To illustrate the effects of driving under the influence (DUI) of alcohol, a police officer brought a DUI simulator to a local high school. Student reaction time in an emergency was measured with unimpaired vision and also while wearing a pair of special goggles to simulate the effects of alcohol on vision.
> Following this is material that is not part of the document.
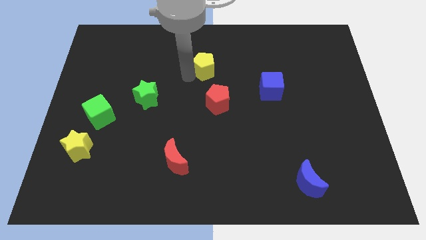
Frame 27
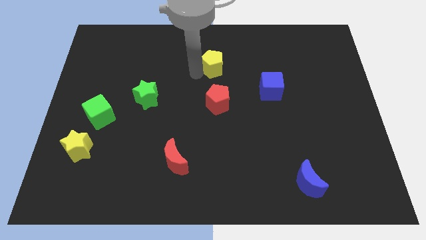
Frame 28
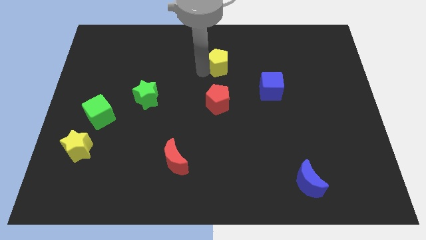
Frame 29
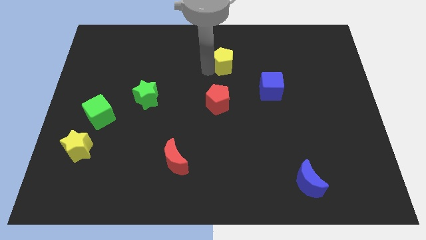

For a random sample of nine teenagers, the time (in seconds) required to bring the vehicle to a stop from a speed of 60 miles per hour was recorded.
Subject 1 2 3 4 5 6 7 8 9
Normal, Xi 4.47 4.24 4.58 4.65 4.31 4.80 4.55 5.00 4.79
Impaired, Yi 5.77 5.67 5.51 5.32 5.83 5.49 5.23 5.61 5.6
(a) Whether the student had unimpaired vision or wore goggles first was randomly selected. Why is this a good idea in designing the experiment?
(b) Use a 95% confidence interval to test if there is a difference in braking time with impaired vision and normal vision where the differences are computed as "impaired minus normal. "Note: A normal probability plot and boxplot of the data indicate that the differences are approximately normally distributed with no outliers.

Answer 1

Answer:

a) If we design the experiment on this way we can check if we have an improvement with the method used.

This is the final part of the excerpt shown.